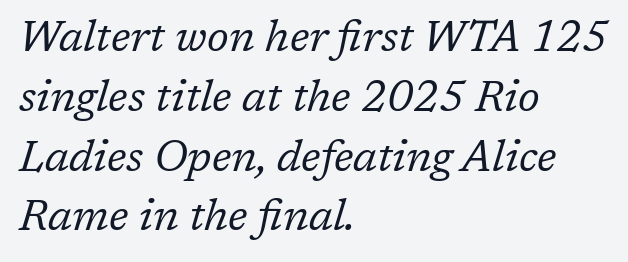
The face used here is proportionally spaced, like ordinary book or web type. These lines sit exactly where default settings would place them. The text carries the slant typical of an italic or oblique font. Descenders hang freely into open space. The compositor pushed each line to the left boundary. The rendering keeps characters at their native spacing.
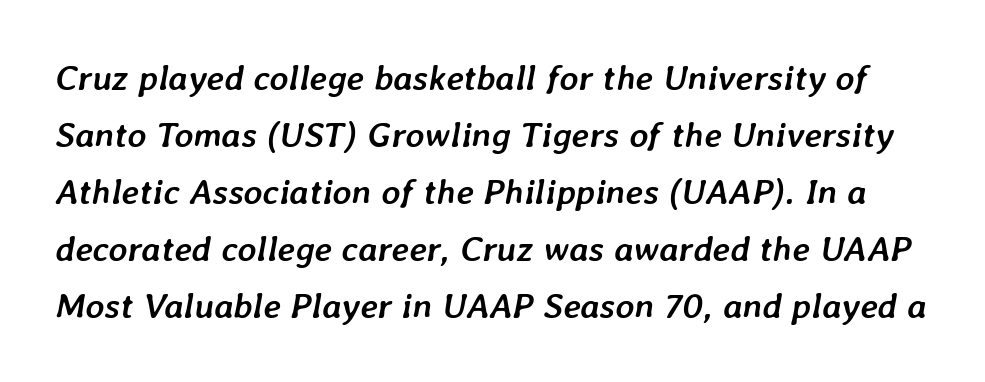
Interline gaps are of average width in this sample. Slanted lettering throughout. Beneath every word, the page is bare. The face used here is proportionally spaced, like ordinary book or web type. Characters follow at the spacing the type designer built in. Strokes here are thick enough to call this a true bold.
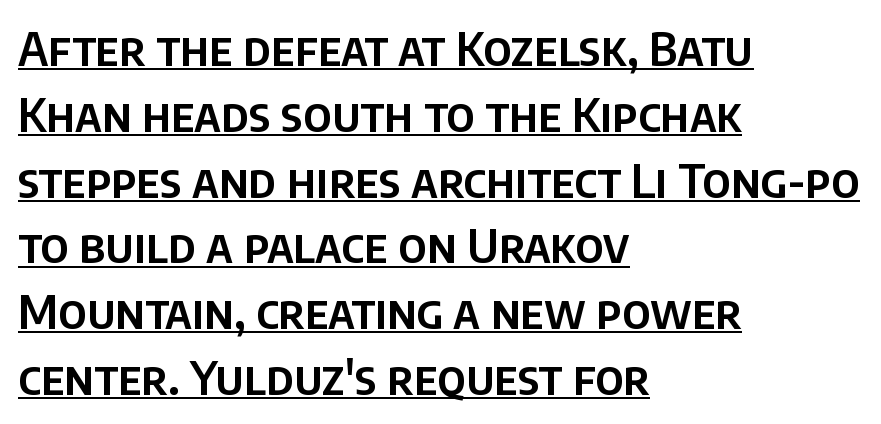
Note: no serifs on the glyphs. Unlike italic type, these characters show no tilt at all. Line spacing here is normal. The line texture is even and compact thanks to regular tracking.
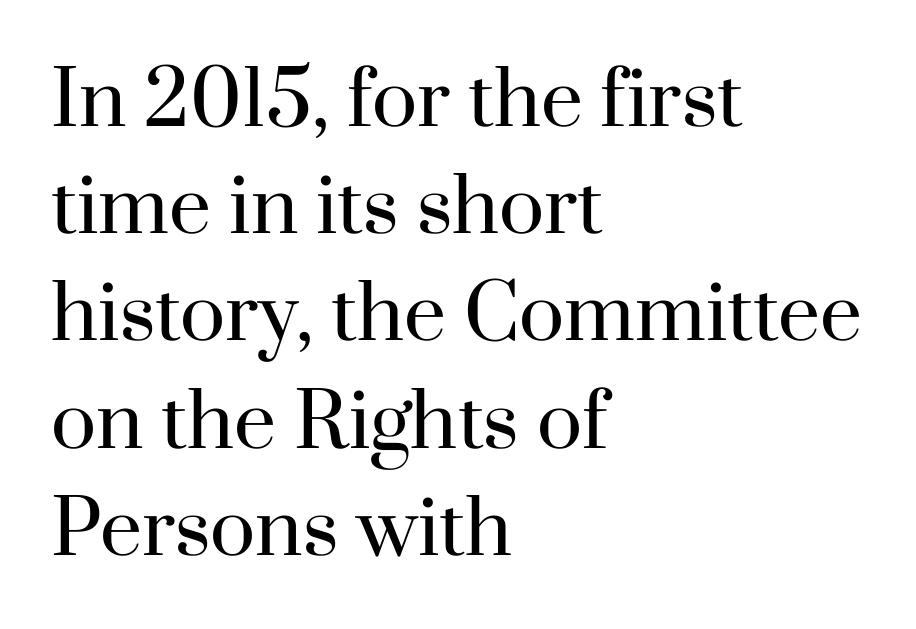
Type style note: has serifs. The passage is arranged the way most books set body copy — flush left. Caption: face not bold, strokes unweighted. Notice how descenders clear the ascenders below comfortably — that's standard leading. Tall strokes in this sample are plumb rather than angled. The letters advance in unequal steps, a hallmark of proportional type.
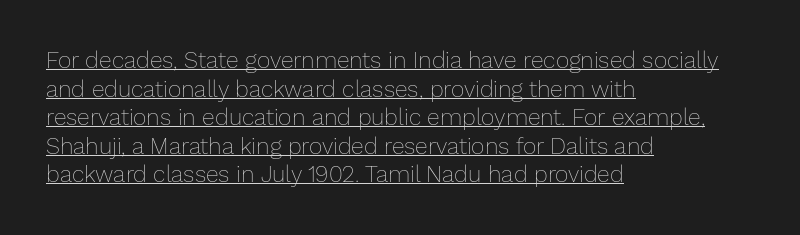
The image shows 23 px text type, upright; set left-aligned, line spacing 1.24x, normal letter spacing, underlined.
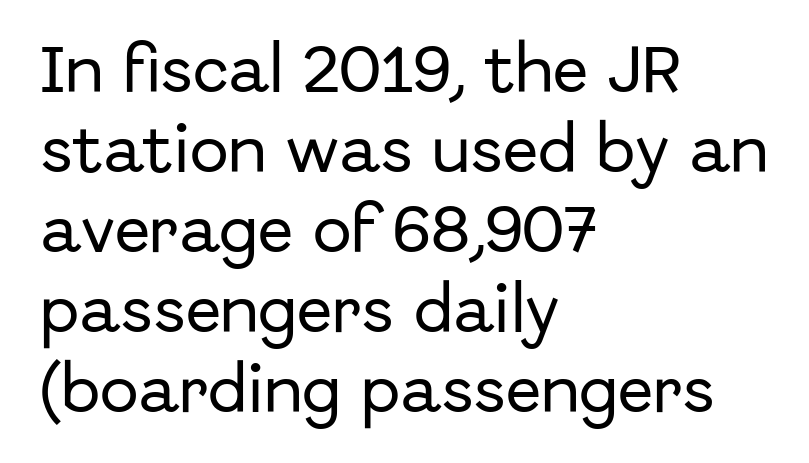
The letters sit at their default tracking, neither squeezed nor spread. Do the characters align in a grid? No, the font is proportional. Left-aligned paragraph, ragged on the right. Lines of text with bare space underneath. Observe the absence of serifs on each vertical stroke in this sample.
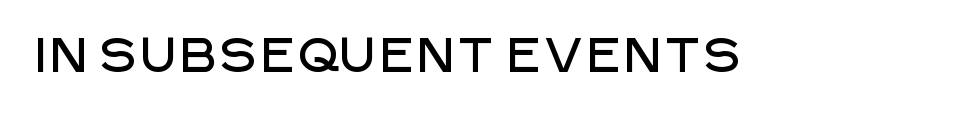
The image shows 48 px sans-serif type, upright; set normal letter spacing, not underlined; low stroke contrast and a large x-height.
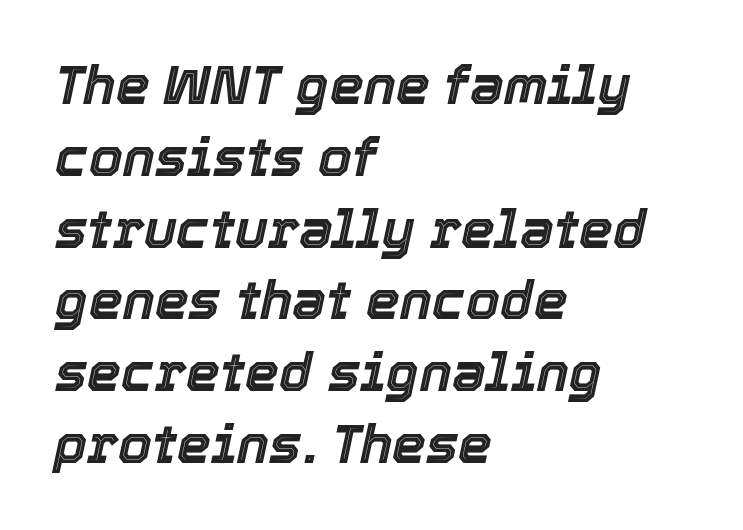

━━━━━━━━

- Task statement:
Only the lines from the beginning of the listing up to and including the line with "Note: no serifs" should appear in the reply, copied word for word and free of pictures.

- Written solution:
The face used here is proportionally spaced, like ordinary book or web type. These lines sit exactly where default settings would place them. The text carries the slant typical of an italic or oblique font. Descenders hang freely into open space. The compositor pushed each line to the left boundary. The rendering keeps characters at their native spacing.
Interline gaps are of average width in this sample. Slanted lettering throughout. Beneath every word, the page is bare. The face used here is proportionally spaced, like ordinary book or web type. Characters follow at the spacing the type designer built in. Strokes here are thick enough to call this a true bold.
Note: no serifs on the glyphs. Unlike italic type, these characters show no tilt at all. Line spacing here is normal. The line texture is even and compact thanks to regular tracking.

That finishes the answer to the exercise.